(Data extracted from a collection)

##############################

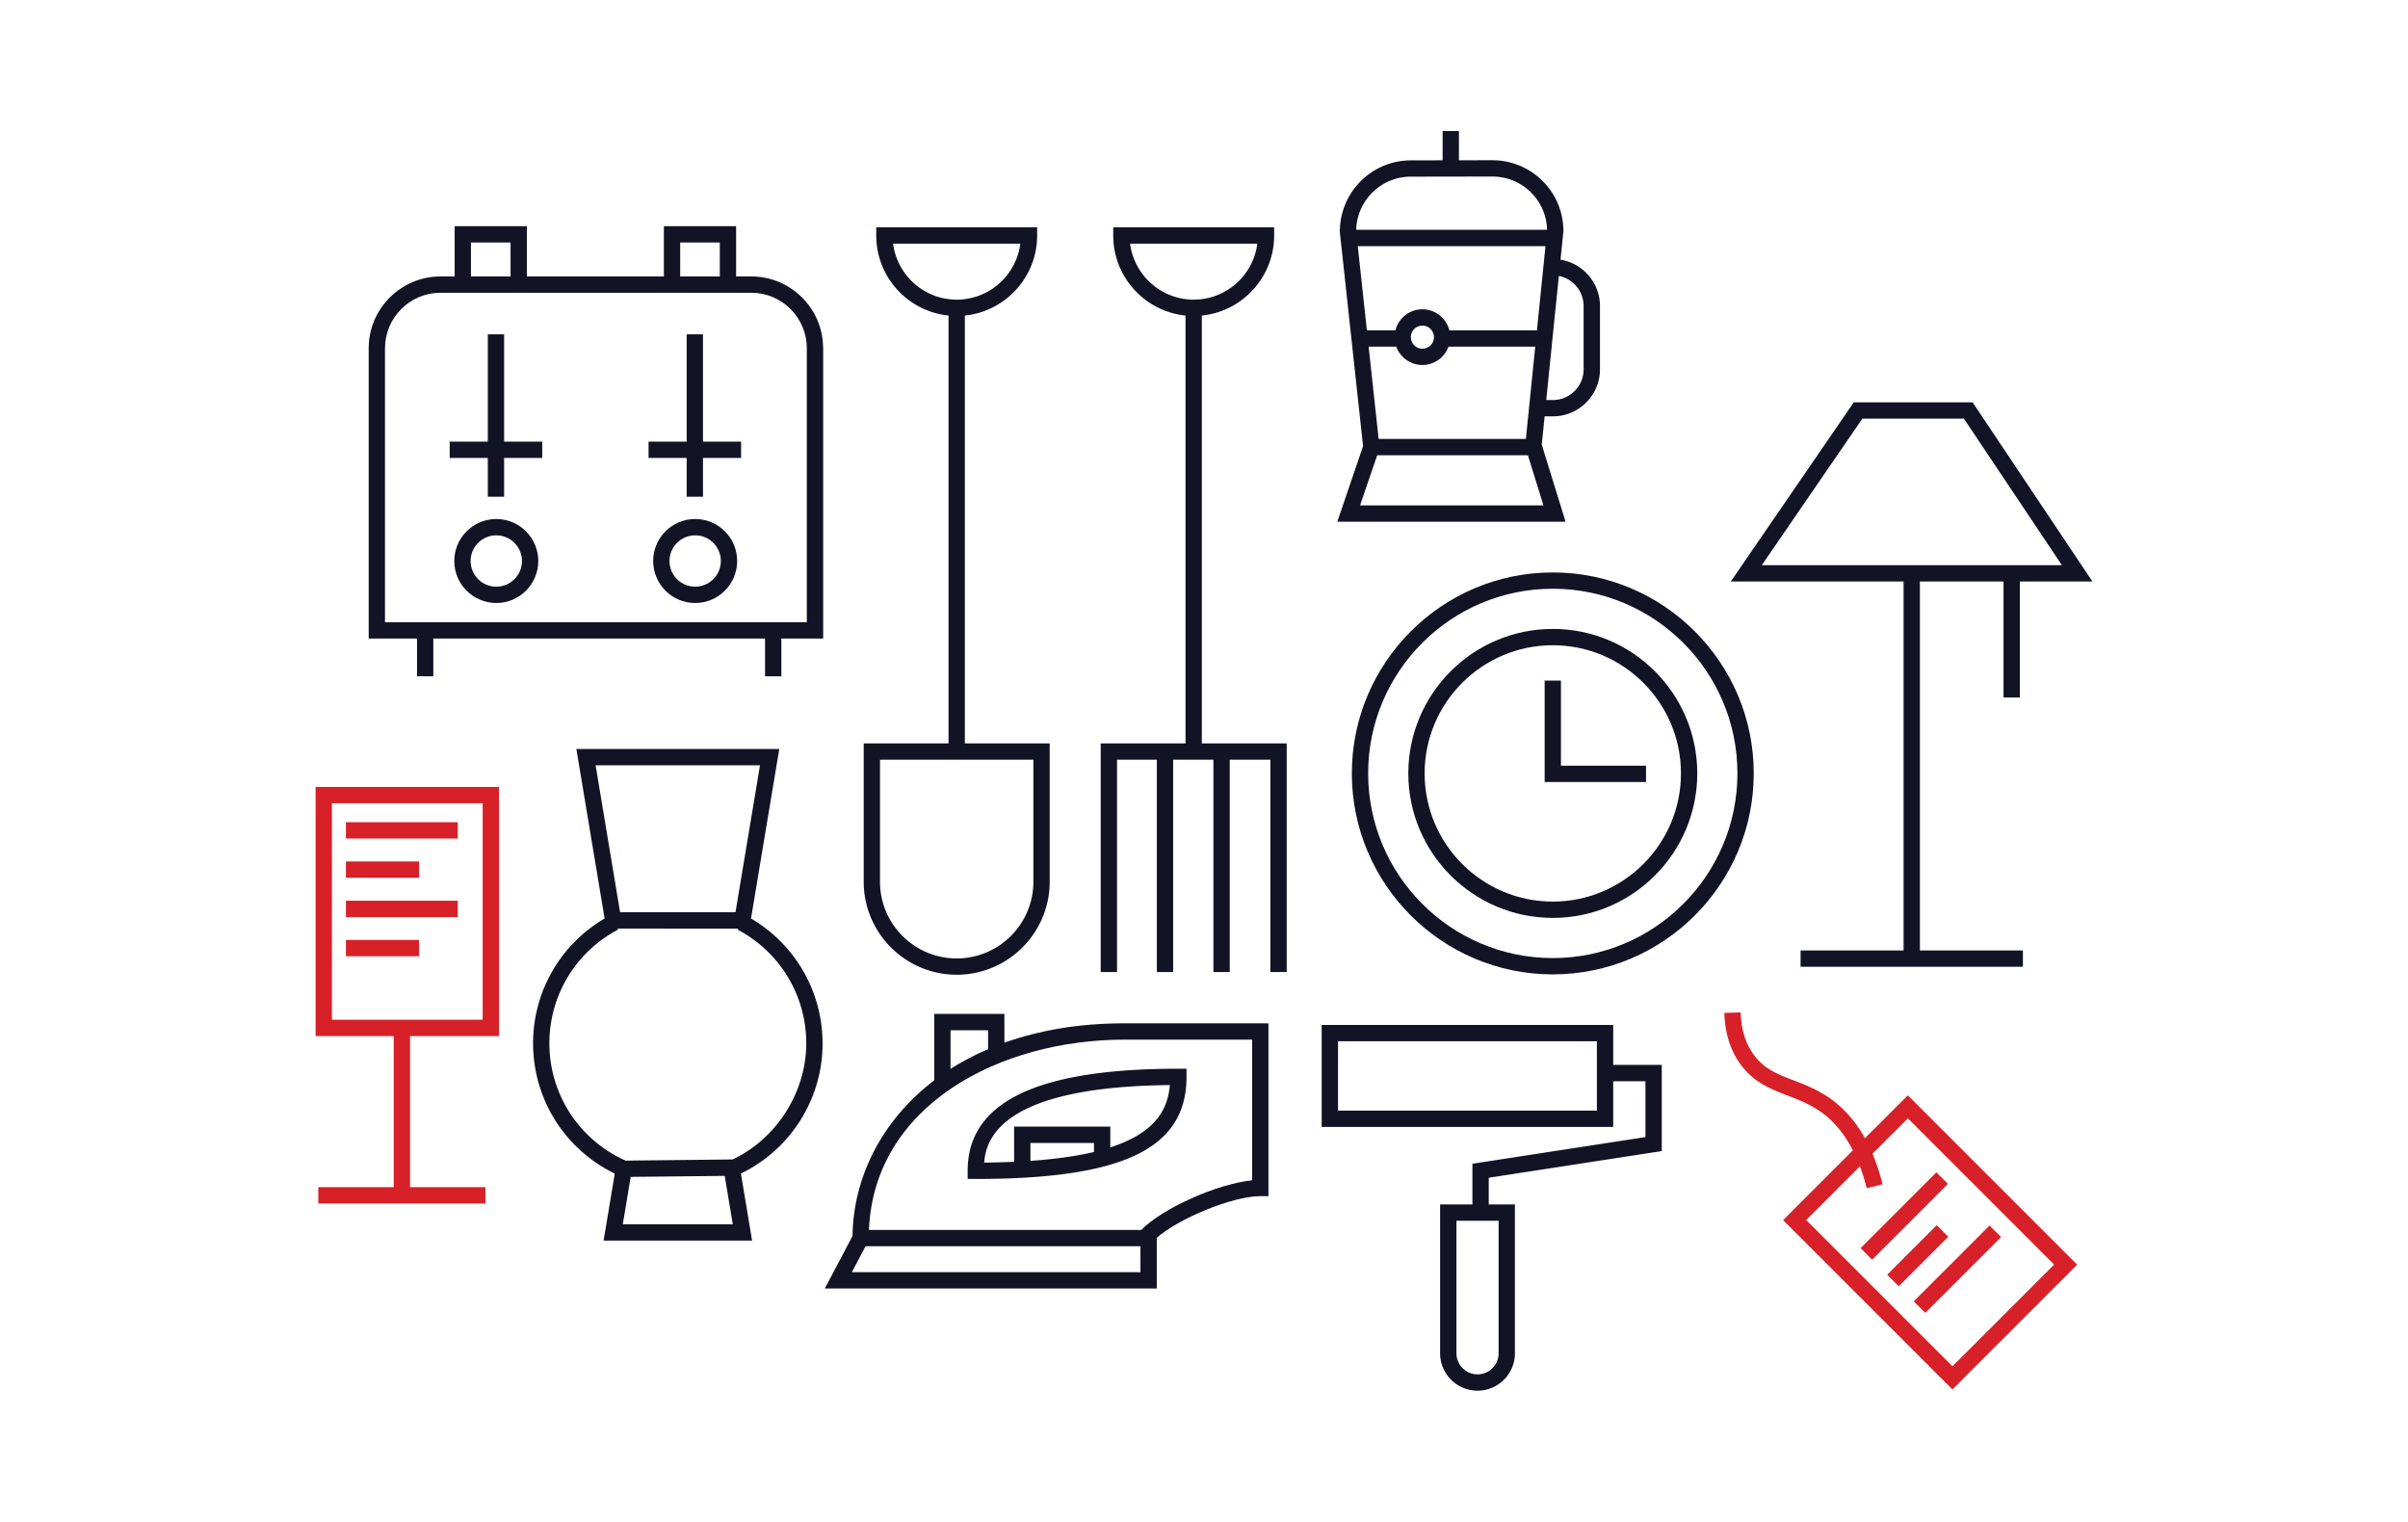 <?xml version="1.0" encoding="UTF-8"?>
<svg xmlns="http://www.w3.org/2000/svg" id="Layer_1" viewBox="0 0 918 580">
  <defs>
    <style>.cls-1{fill:#d72027}.cls-2{fill:#131326}</style>
  </defs>
  <path class="cls-1" d="M190.23 394.94v-94.97h-69.92v94.97h29.78v57.6h-28.74v6.22h63.7v-6.22h-28.74v-57.6h33.92Zm-63.7-88.75h57.48v82.53h-57.48v-82.53Z"></path>
  <path class="cls-1" d="M131.88 313.43h42.63v6.22h-42.63zM131.88 328.39h27.88v6.22h-27.88zM131.88 343.35h42.63v6.22h-42.63zM131.88 358.3h27.88v6.22h-27.88z"></path>
  <path class="cls-2" d="M591.97 371.43c-42.25 0-76.61-34.37-76.61-76.61s34.37-76.61 76.61-76.61 76.61 34.37 76.61 76.61-34.37 76.61-76.61 76.61Zm0-147.01c-38.82 0-70.39 31.58-70.39 70.39s31.58 70.4 70.39 70.4 70.39-31.58 70.39-70.4-31.58-70.39-70.39-70.39Z"></path>
  <path class="cls-2" d="M591.97 349.9c-30.37 0-55.08-24.71-55.08-55.08s24.71-55.08 55.08-55.08 55.08 24.71 55.08 55.08-24.71 55.08-55.08 55.08Zm0-103.94c-26.94 0-48.86 21.92-48.86 48.86s21.92 48.86 48.86 48.86 48.86-21.92 48.86-48.86-21.92-48.86-48.86-48.86Z"></path>
  <path class="cls-2" d="M627.51 298.1h-38.65v-38.65h6.22v32.43h32.43v6.22zM731.91 221.67h31.89v44.2h6.22v-44.2h27.68l-45.69-68.31h-45.3l-46.88 68.31h65.87V362.3h-39.27v6.22h84.76v-6.22h-39.27V221.67Zm-21.93-62.09h38.71l37.37 55.87H671.64l38.35-55.87ZM313.8 132.76c0-15.1-12.28-27.38-27.38-27.38h-5.79V86.22h-27.54v19.16h-52.22V86.22h-27.54v19.16h-5.39c-15.1 0-27.38 12.28-27.38 27.38v110.65h18.42v14.4h6.22v-14.4h126.46v14.4h6.22v-14.4h15.94V132.76Zm-54.49-40.32h15.1v12.94h-15.1V92.44Zm-79.77 0h15.1v12.94h-15.1V92.44Zm128.05 144.75H146.77V132.76c0-11.67 9.49-21.16 21.16-21.16h118.49c11.67 0 21.16 9.49 21.16 21.16v104.43Z"></path>
  <path class="cls-2" d="M192.18 127.44h-6.22v40.91h-14.53v6.22h14.53v14.79h6.22v-14.79h14.53v-6.22h-14.53v-40.91zM189.2 197.84c-8.83 0-16.01 7.18-16.01 16.01s7.18 16.01 16.01 16.01 16.01-7.18 16.01-16.01-7.18-16.01-16.01-16.01Zm0 25.8c-5.4 0-9.79-4.39-9.79-9.79s4.39-9.79 9.79-9.79 9.79 4.39 9.79 9.79-4.39 9.79-9.79 9.79ZM265.02 197.84c-8.83 0-16.01 7.18-16.01 16.01s7.18 16.01 16.01 16.01 16.01-7.18 16.01-16.01-7.18-16.01-16.01-16.01Zm0 25.8c-5.4 0-9.79-4.39-9.79-9.79s4.39-9.79 9.79-9.79 9.79 4.39 9.79 9.79-4.39 9.79-9.79 9.79ZM268 127.44h-6.22v40.91h-14.53v6.22h14.53v14.79H268v-14.79h14.53v-6.22H268v-40.91zM428.67 390.08c-17.4 0-32.66 2.7-45.76 7.39V386.5h-26.76v25.31c-20.34 15.53-30.89 37.45-31.14 59.33l-10.57 20.03h126.55v-19.22h-.14c8.5-7.5 28.99-15.98 39.61-15.98h3.11v-65.89h-54.89Zm-66.3 2.64h14.32v7.2c-5.15 2.21-9.93 4.72-14.32 7.53v-14.73Zm-37.62 92.24 5.22-9.89h104.8v9.89H324.75Zm152.59-35.04c-13.27 1.36-34.12 10.62-42.25 18.92H331.26c2-47.64 49.99-72.54 97.41-72.54h48.67v53.62Z"></path>
  <path class="cls-2" d="M368.9 446.3v3.11h3.11c56.3 0 80.32-11.64 80.32-38.91v-3.11h-3.11c-54.04 0-80.32 12.73-80.32 38.91Zm48.16-7.18c-6.54 1.56-14.54 2.72-24.24 3.4v-6.83h24.24v3.43Zm28.92-25.5c-.76 9.2-5.39 18.16-22.7 23.76v-7.92H386.6v13.41c-3.59.16-7.37.27-11.4.3.75-9.8 7.63-28.92 70.77-29.55ZM594.91 98.99l1.1-10.82h.03c0-.08-.01-.15-.01-.23l.03-.33h-.05c-.14-7.03-2.93-13.63-7.92-18.61-5.12-5.11-11.91-7.92-19.14-7.92h-.04l-12.72.02V49.94h-6.22v11.17l-12.14.02c-14.71.02-26.7 11.85-27.02 26.49h-.12l.09.79v.2h.02l8.84 81.48-9.83 28.79h87.04l-9.09-29.38 1.1-10.79h3.16c9.89 0 17.94-8.05 17.94-17.94v-24.1c0-8.9-6.52-16.29-15.04-17.68Zm-57.08-31.65 31.08-.05h.03c5.57 0 10.81 2.17 14.75 6.1 3.82 3.81 5.96 8.84 6.1 14.21h-72.78c.33-11.21 9.53-20.25 20.81-20.27Zm51.35 26.49-3.26 32.09h-33.38c-1.16-4.6-5.32-8.02-10.28-8.02s-9.12 3.42-10.28 8.02H521.1l-3.48-32.09h71.57Zm-7.47 73.49h-56.13l-3.82-35.18h10.53c1.49 4.07 5.39 6.99 9.96 6.99s8.48-2.92 9.97-6.99h33.06l-3.57 35.18Zm-43.85-38.8c0-2.42 1.97-4.4 4.4-4.4a4.4 4.4 0 1 1-4.4 4.4Zm50.54 64.14h-69.91l6.53-19.11h57.47l5.92 19.11Zm15.32-51.89c0 6.46-5.26 11.72-11.72 11.72h-2.53l4.81-47.31c5.38 1.06 9.44 5.81 9.44 11.49v24.1ZM313.58 397.71c0-19.69-10.4-37.68-27.27-47.58l10.77-64.61h-77.35l10.77 64.61c-16.88 9.9-27.27 27.89-27.27 47.58 0 21.28 12.14 40.45 31.14 49.64l-4.26 25.56h56.61l-4.26-25.57c18.98-9.2 31.14-28.41 31.14-49.64Zm-23.85-105.98-9.34 56.02-44-.02-9.33-56.01h62.67Zm-52.3 174.96 3.01-18.07 35.84-.38 3.08 18.45h-41.93Zm41.82-24.71-40.76.44c-17.67-7.88-29.05-25.31-29.05-44.71 0-18.23 10.03-34.84 26.18-43.35l-.21-.4 45.99.02-.2.39c16.14 8.51 26.17 25.12 26.17 43.35s-10.99 36.21-28.11 44.28ZM367.83 120.28c15.46-1.56 27.56-14.65 27.56-30.51v-3.11h-61.34v3.11c0 15.86 12.1 28.95 27.56 30.51v163.11h-32.34v52.72c0 19.55 15.91 35.45 35.45 35.45s35.45-15.91 35.45-35.45v-52.72h-32.34V120.28Zm-27.36-27.4h48.51c-1.53 12.02-11.83 21.34-24.25 21.34s-22.72-9.32-24.25-21.34Zm53.49 243.23c0 16.12-13.12 29.24-29.24 29.24s-29.24-13.11-29.24-29.24v-46.5h58.47v46.5ZM458.18 283.39V120.28c15.46-1.56 27.56-14.65 27.56-30.51v-3.11H424.4v3.11c0 15.86 12.1 28.95 27.56 30.51v163.11h-32.34v87.14h6.22v-80.92h15.18v80.92h6.22v-80.92h15.35v80.92h6.22v-80.92h15.5v80.92h6.22v-87.14h-32.34ZM430.82 92.88h48.51c-1.53 12.02-11.83 21.34-24.25 21.34s-22.72-9.32-24.25-21.34ZM633.51 438.78v-32.85H615v-15.24H503.87v38.89H615v-17.42h12.29v21.29l-65.96 10.16v15.51h-12.32v56.74c0 7.86 6.4 14.26 14.26 14.26s14.26-6.4 14.26-14.26v-56.74h-9.98v-10.17l65.96-10.16Zm-24.73-15.42h-98.69v-26.45h98.69v26.45Zm-37.46 92.5c0 4.43-3.61 8.04-8.04 8.04s-8.04-3.61-8.04-8.04v-50.52h16.08v50.52Z"></path>
  <path class="cls-1" d="m727.34 417.52-16.37 16.37c-3.46-6.22-7.77-11.21-12.93-14.93-4.91-3.54-9.9-5.46-14.31-7.15-6.01-2.31-11.19-4.3-15.16-9.75-3.12-4.28-4.8-9.71-4.99-16.14l-6.22.19c.23 7.7 2.31 14.3 6.18 19.61 5.05 6.94 11.61 9.46 17.96 11.9 4.25 1.63 8.64 3.32 12.9 6.39 4.82 3.48 8.82 8.33 11.97 14.49l-26.6 26.6 64.54 64.54 47.57-47.57-64.54-64.54Zm-38.77 47.56 20.49-20.49a74.43 74.43 0 0 1 2.58 8.35l6.04-1.5c-1.04-4.2-2.33-8.07-3.83-11.64l13.5-13.5 55.75 55.75-38.77 38.77-55.75-55.75Z"></path>
  <path class="cls-1" d="m709.307 475.781 28.892-28.892 4.399 4.398-28.893 28.892zM719.446 485.923l18.894-18.894 4.398 4.398-18.893 18.894zM729.58 496.058l28.893-28.892 4.398 4.398-28.893 28.892z"></path>
</svg>

##############################

Required action:
Print again the lines of the entries above that fall between the line holding "371.43c-42.25 0-76.61-34.37-76.61-76.61s34.37-76.61 76.61-76.61" and the line holding "144.75H146.77V132.76c0-11.67 9.49-21.16 21.16-21.16h118.49c11.67", inclusive, exactly as they stand.

Response to the exercise:
  <path class="cls-2" d="M591.97 371.43c-42.25 0-76.61-34.37-76.61-76.61s34.37-76.61 76.61-76.61 76.61 34.37 76.61 76.61-34.37 76.61-76.61 76.61Zm0-147.01c-38.82 0-70.39 31.58-70.39 70.39s31.58 70.4 70.39 70.4 70.39-31.58 70.39-70.4-31.58-70.39-70.39-70.39Z"></path>
  <path class="cls-2" d="M591.97 349.9c-30.37 0-55.08-24.71-55.08-55.08s24.71-55.08 55.08-55.08 55.08 24.71 55.08 55.08-24.71 55.08-55.08 55.08Zm0-103.94c-26.94 0-48.86 21.92-48.86 48.86s21.92 48.86 48.86 48.86 48.86-21.92 48.86-48.86-21.92-48.86-48.86-48.86Z"></path>
  <path class="cls-2" d="M627.51 298.1h-38.65v-38.65h6.22v32.43h32.43v6.22zM731.91 221.67h31.89v44.2h6.22v-44.2h27.68l-45.69-68.31h-45.3l-46.88 68.31h65.87V362.3h-39.27v6.22h84.76v-6.22h-39.27V221.67Zm-21.93-62.09h38.71l37.37 55.87H671.64l38.35-55.87ZM313.8 132.76c0-15.1-12.28-27.38-27.38-27.38h-5.79V86.22h-27.54v19.16h-52.22V86.22h-27.54v19.16h-5.39c-15.1 0-27.38 12.28-27.38 27.38v110.65h18.42v14.4h6.22v-14.4h126.46v14.4h6.22v-14.4h15.94V132.76Zm-54.49-40.32h15.1v12.94h-15.1V92.44Zm-79.77 0h15.1v12.94h-15.1V92.44Zm128.05 144.75H146.77V132.76c0-11.67 9.49-21.16 21.16-21.16h118.49c11.67 0 21.16 9.49 21.16 21.16v104.43Z"></path>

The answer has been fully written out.